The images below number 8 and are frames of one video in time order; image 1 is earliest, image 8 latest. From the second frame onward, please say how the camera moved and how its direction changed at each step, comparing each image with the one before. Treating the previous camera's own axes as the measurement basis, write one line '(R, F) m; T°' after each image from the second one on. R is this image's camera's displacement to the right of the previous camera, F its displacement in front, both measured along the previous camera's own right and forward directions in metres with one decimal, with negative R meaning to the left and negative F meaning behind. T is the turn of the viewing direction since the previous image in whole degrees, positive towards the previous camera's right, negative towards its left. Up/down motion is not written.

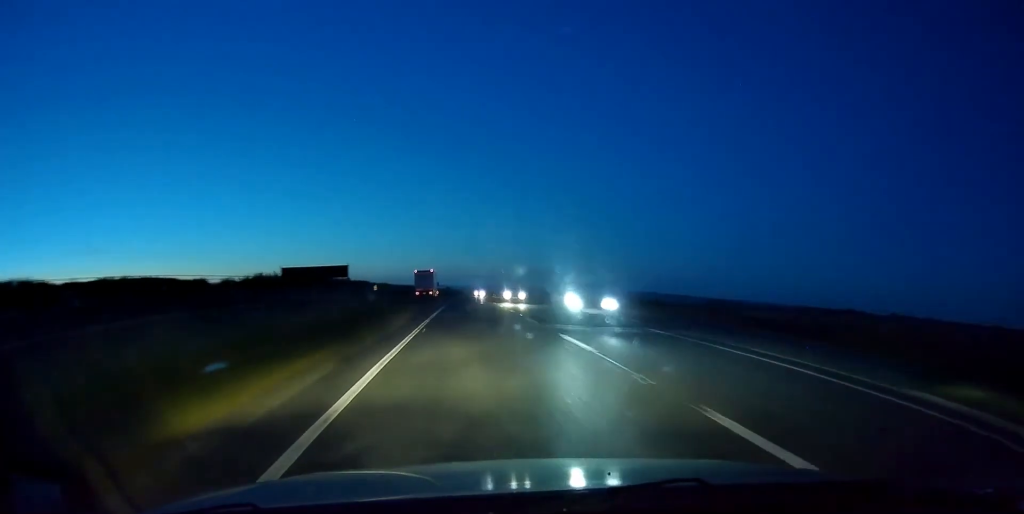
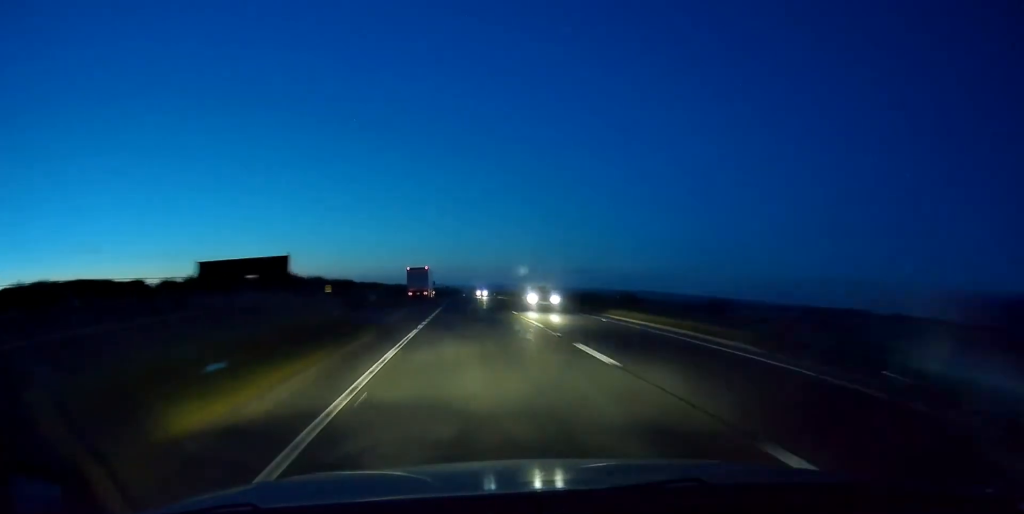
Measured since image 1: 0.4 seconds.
(+0.4, +10.1) m; 0°
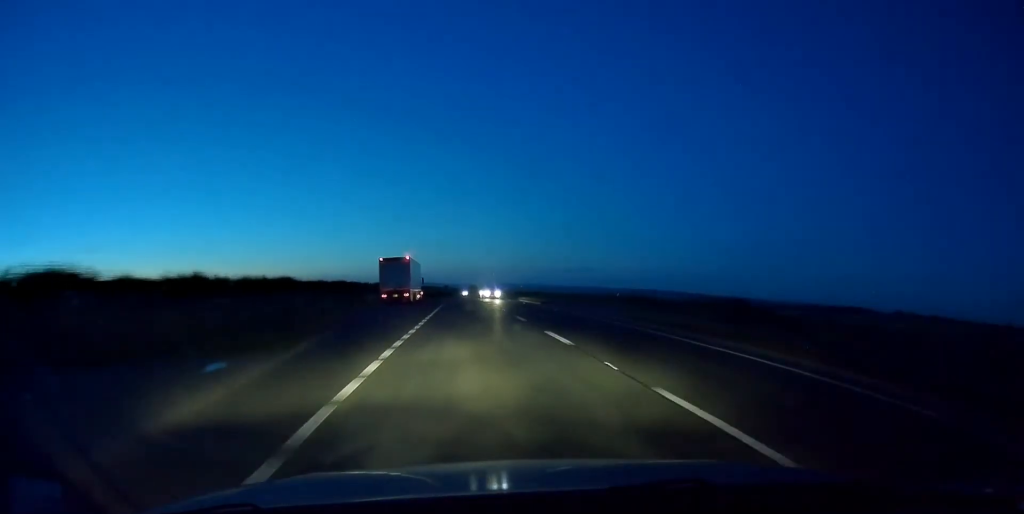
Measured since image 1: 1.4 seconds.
(-1.0, +22.6) m; 0°
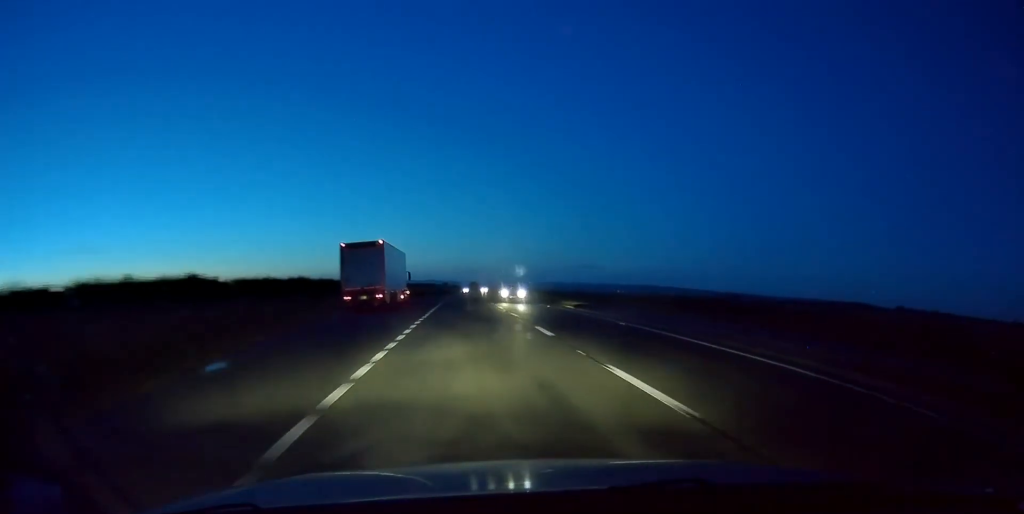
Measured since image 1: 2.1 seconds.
(+0.4, +15.5) m; +1°
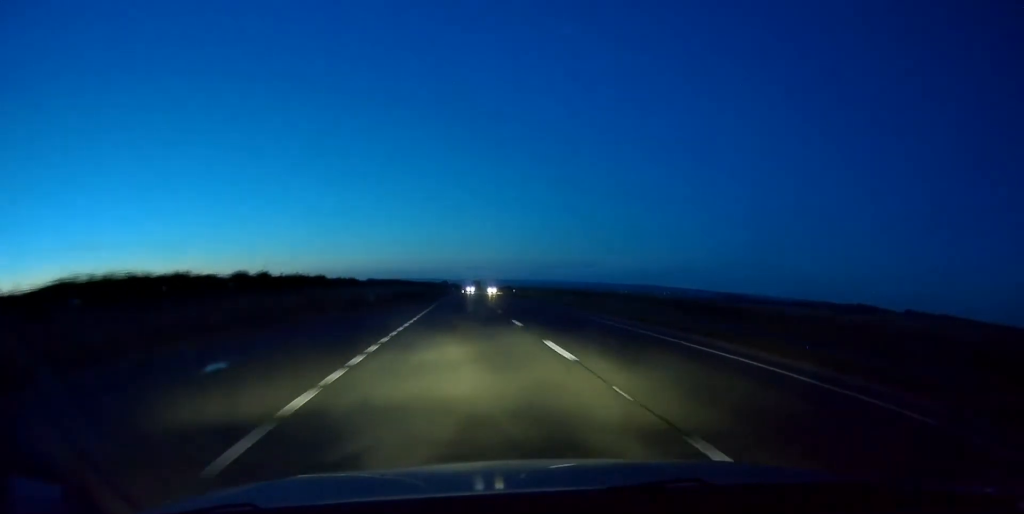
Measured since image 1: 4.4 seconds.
(+0.2, +55.2) m; -1°
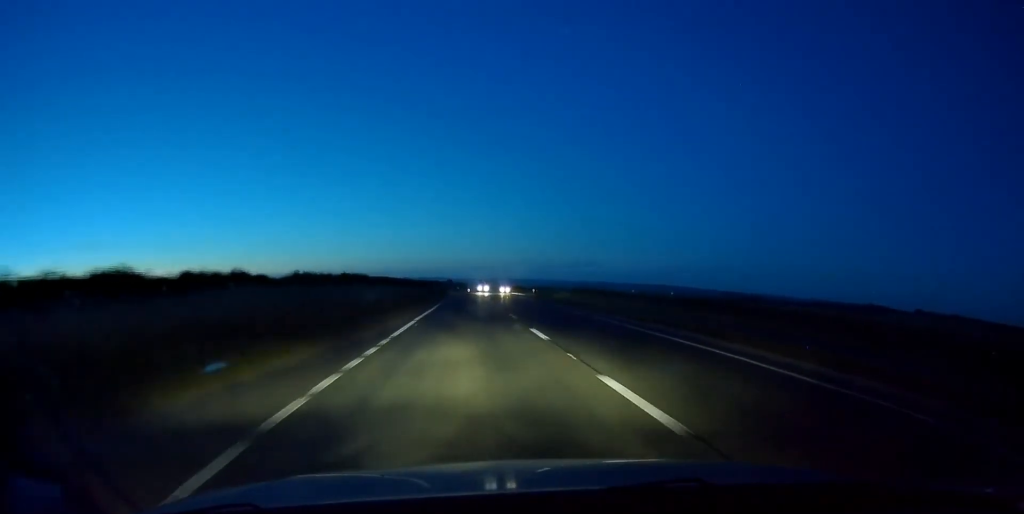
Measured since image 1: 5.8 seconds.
(0.0, +31.6) m; +1°
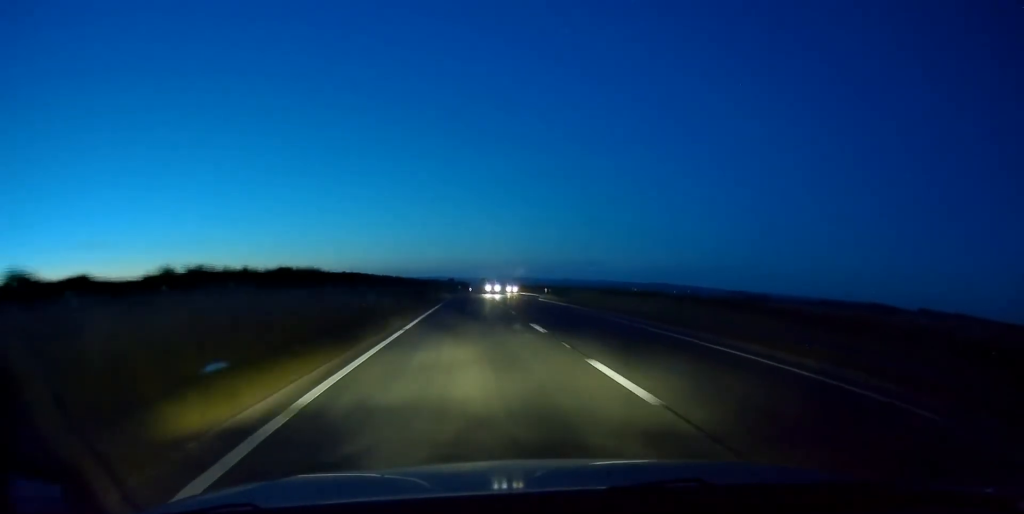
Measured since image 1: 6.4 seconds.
(+0.3, +15.8) m; 0°
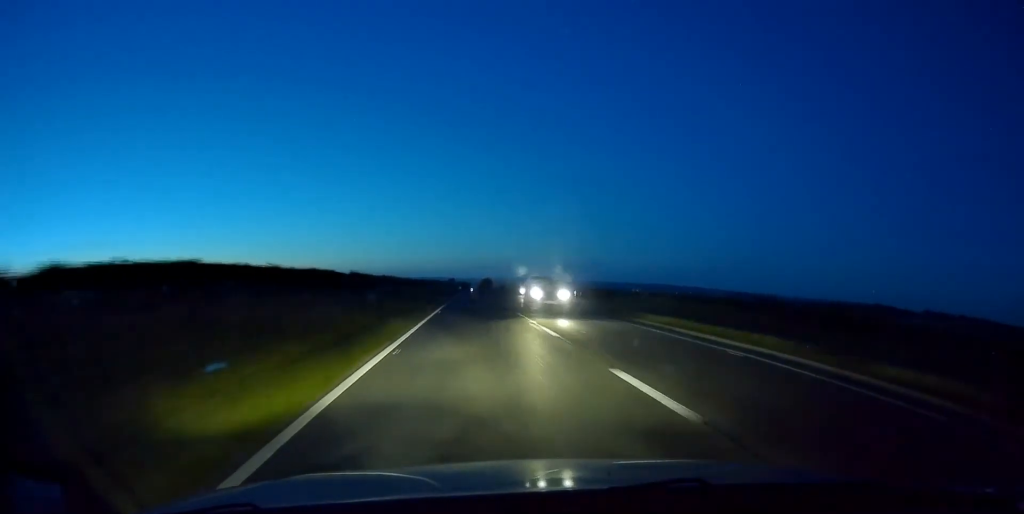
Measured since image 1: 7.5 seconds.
(-0.3, +26.2) m; -1°
━━━━━━━━━━━━━━━━
## [EXERCISE DIRECTIONS]
An exact copy of all the records is required, with the pictures omitted.

## [ANSWER TO THE EXERCISE]
The images below number 8 and are frames of one video in time order; image 1 is earliest, image 8 latest. From the second frame onward, please say how the camera moved and how its direction changed at each step, comparing each image with the one before. Treating the previous camera's own axes as the measurement basis, write one line '(R, F) m; T°' after each image from the second one on. R is this image's camera's displacement to the right of the previous camera, F its displacement in front, both measured along the previous camera's own right and forward directions in metres with one decimal, with negative R meaning to the left and negative F meaning behind. T is the turn of the viewing direction since the previous image in whole degrees, positive towards the previous camera's right, negative towards its left. Up/down motion is not written.

Measured since image 1: 0.4 seconds.
(+0.4, +10.1) m; 0°
Measured since image 1: 1.4 seconds.
(-1.0, +22.6) m; 0°
Measured since image 1: 2.1 seconds.
(+0.4, +15.5) m; +1°
Measured since image 1: 4.4 seconds.
(+0.2, +55.2) m; -1°
Measured since image 1: 5.8 seconds.
(0.0, +31.6) m; +1°
Measured since image 1: 6.4 seconds.
(+0.3, +15.8) m; 0°
Measured since image 1: 7.5 seconds.
(-0.3, +26.2) m; -1°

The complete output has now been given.